Dowser · 28/02/2019 14:04

Op..we have only half your disposable income to live on...but mygod we love and enjoy life.
We have whatever we want when we want it.

That’s what life is all about.

He’s greedy..plain and simple and will suck the joy out of every lovely moment.

Even my first husband who everyone here knows was a first degree WANKER was generous to a fault.

If you can’t change this situation...then change the man because believe me, he will make your life he’ll.

He charged you a fine of £20 for buying £6 chicken
,...he’d have got a great big OFF from me, with whatever expletive before it you preferred to use.

averylongtimeago · 28/02/2019 14:05

He "fined" you?!!!!
Come on OP, you know this isn't right.
He is not your owner, a marriage should be a partnership of equals.

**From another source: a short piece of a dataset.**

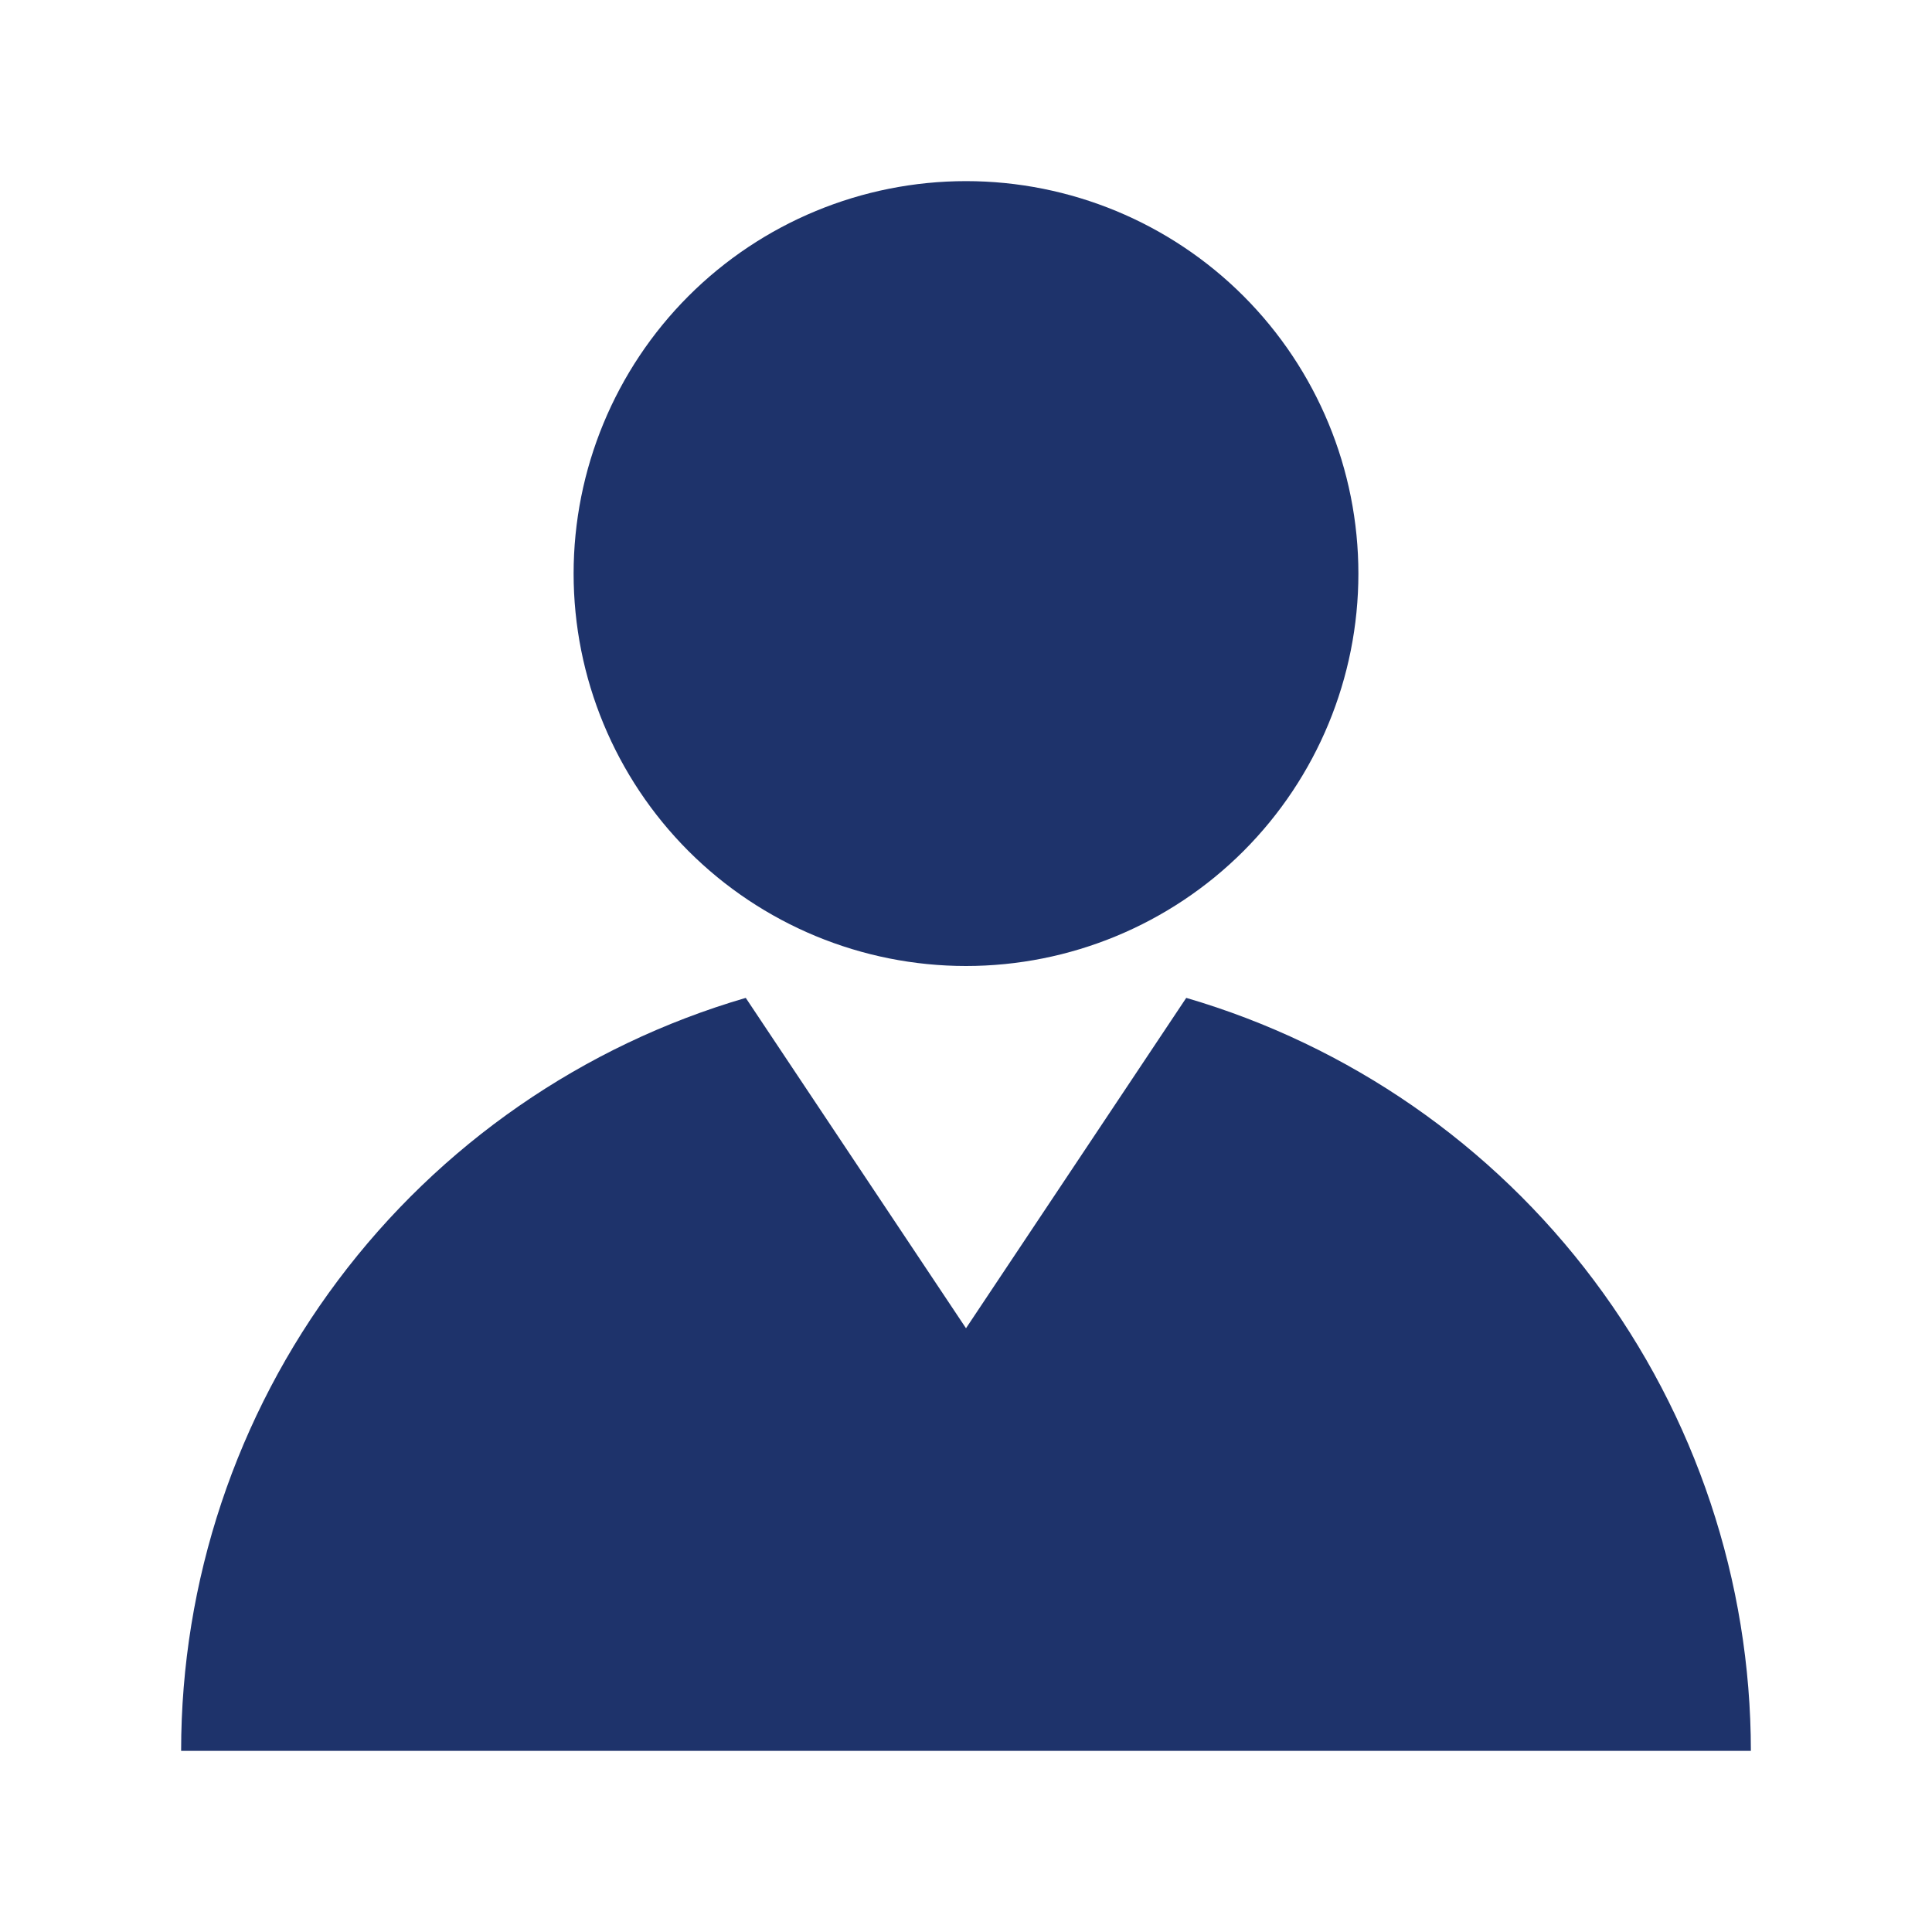 <svg width="20" height="20" viewBox="0 0 20 20" fill="none" xmlns="http://www.w3.org/2000/svg">
<path d="M12.28 10.33C13.966 10.823 15.447 11.849 16.5 13.254C17.554 14.659 18.124 16.369 18.125 18.125H1.875C1.875 16.368 2.445 14.659 3.499 13.254C4.553 11.848 6.034 10.822 7.72 10.33L10 13.75L12.28 10.33ZM14.062 5.938C14.062 7.015 13.634 8.048 12.873 8.81C12.111 9.572 11.077 10 10 10C8.923 10 7.889 9.572 7.127 8.81C6.366 8.048 5.938 7.015 5.938 5.938C5.938 4.86 6.366 3.827 7.127 3.065C7.889 2.303 8.923 1.875 10 1.875C11.077 1.875 12.111 2.303 12.873 3.065C13.634 3.827 14.062 4.86 14.062 5.938Z" fill="#1E336B"/>
</svg>

It is ok for one partner to say: I think we should budget carefully, and then for both to agree on how much they can afford.
It is not ok for one person to lay the law down and set "rules" for the other.

You are not a slave or employee- stop acting like one!

user1471426142 · 28/02/2019 14:06

He made you pay a fine? Why didn’t you say no? Bloody hell he sounds vile. Do you really want to live like this for the rest of your life? Does he really not understand that a child shouldn’t be living off tinned ravioli? It’s one thing to inflict a shit diet on himself but a very different thing to enforce it on you and your child.

You’ve heard from people on here that are on really tight budgets through need that are desperately trying to prioritise their children’s diet How can you live like this when you don’t need to? I’m sorry for all of the questions but I find it really baffling at your level of income.